91Ó°ÊÓ

A parabolic cylinder is a three-dimensional surface that can be imagined as stretching a parabola infinitely along one direction. In our case, this surface is described by the equation \(z = 4 - y^2\). This equation tells us that for every fixed level of \(x\), we get a two-dimensional parabolic curve in the \(y-z\) plane.

A helpful way to visualize a parabolic cylinder is to imagine taking a U-shaped curve, like a common parabola \(y = x^2\), and extending it along another axis (in this problem, along the \(x\)) direction. This means:

• The surface doesn't change along the \(x\)-axis, which makes it a uniform extension.
• Z values are determined by the \(y\) value.

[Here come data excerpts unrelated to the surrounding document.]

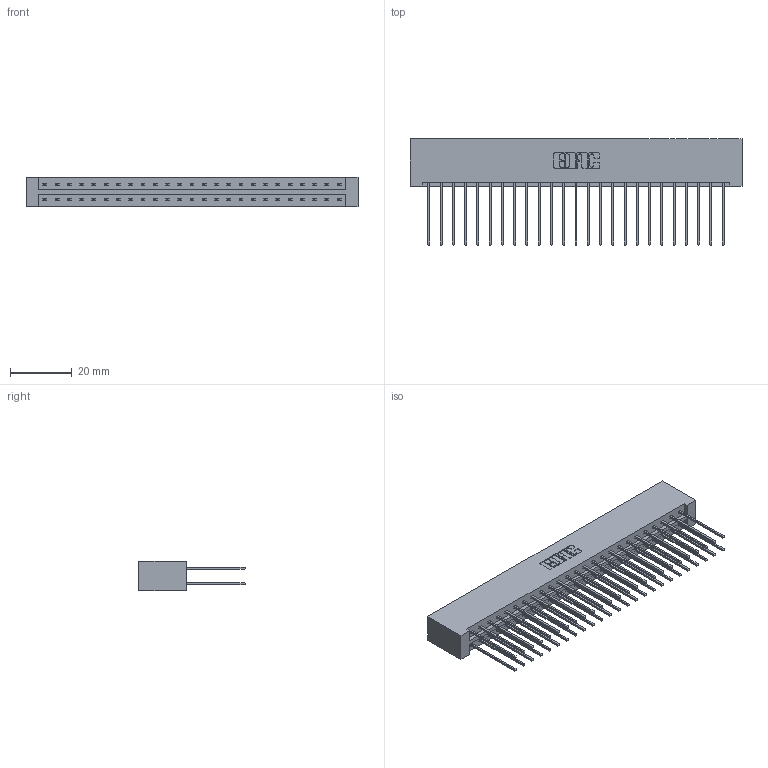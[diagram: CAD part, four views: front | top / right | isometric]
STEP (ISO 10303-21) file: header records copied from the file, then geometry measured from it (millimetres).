
FILE_DESCRIPTION (( 'STEP AP203' ), '1' );
FILE_NAME ('333-050-541-201.STEP', '2018-08-04T00:54:58', ( '' ), ( '' ), 'SwSTEP 2.0', 'SolidWorks 2016', '' );
FILE_SCHEMA (( 'CONFIG_CONTROL_DESIGN' ));
Length unit declared in the file: inch
Products named in the file (3): 333-050-541-201; 333 Part_Lugless; 345-292-001_345-293-141
Assembly tree (51 placements, depth 2):
  333-050-541-201
    333 Part_Lugless
    345-292-001_345-293-141  x50
Bounding box: 107.31 x 34.3 x 9.4 mm (x, y, z)
Volume: 11716.3 mm3; surface area: 15121.7 mm2
Topology: 51 solids, 51 shells, 2706 faces, 8037 edges, 5290 vertices
Faces by surface type: plane 1866, cylinder 840
Entity records: 18023 total; most frequent: CARTESIAN_POINT 3006, ORIENTED_EDGE 2942, DIRECTION 2591, EDGE_CURVE 1471, VECTOR 1351, LINE 1351, VERTEX_POINT 978, AXIS2_PLACEMENT_3D 620

Within the boundary of this problem, our surface is cut by the planes \(x=0\), \(x=1\), and \(z=0\), effectively giving us a strip of the parabolic cylinder to consider for flux calculations.

The normal vector is essential for calculating a flux integral over a surface. It’s a vector that is perpendicular to the surface at any given point. When working with flux, knowing the normal direction helps determine the flow across the surface.

To find the normal vector using parameterization, we first describe the surface with a vector function: \(\mathbf{r}(x, y) = (x, y, 4 - y^2)\). Start by computing the partial derivatives, \(\mathbf{r}_x = (1, 0, 0)\) and \(\mathbf{r}_y = (0, 1, -2y)\).

Taking the cross product \(\mathbf{r}_x \times \mathbf{r}_y\) gives us the normal vector \((0, 2y, 1)\). This vector points in a direction tangent to the surface strip. For orientation, we'll ensure it points away from the \(x\)-axis. Adjusting its sign accordingly if needed ensures the calculation of flux is correct. In this case, our initially computed normal is correctly oriented.

A surface integral allows us to evaluate how a vector field crosses a surface. In simpler terms, it helps us determine the net 'flow' or flux across a section of that surface. For this exercise, the aim is to calculate the flux of the vector field \(\mathbf{F}(x, y, z) = z^2 \mathbf{i} + x \mathbf{j} - 3z \mathbf{k}\) across the bounded part of the parabolic cylinder.

Once we have the normal vector, the surface integral’s setup involves finding the dot product \(\mathbf{F} \cdot \mathbf{n}\). For our surface, this results in \(2xy - 12 + 3y^2\), using the substitution for \(z\) based on the parabolic equation \(z = 4 - y^2\).

The dot product turns the abstract vector field into a simpler function over the surface, simplifying integration. Evaluating the integral involves:

• First integrating with respect to \(y\) from \(-2\) to \(2\).
• Then integrating with respect to \(x\) from \(0\) to \(1\).

Our calculated result is \(0\), which indicates that the net flux through this surface is zero, suggesting that the inflow and outflow are perfectly balanced across this surface.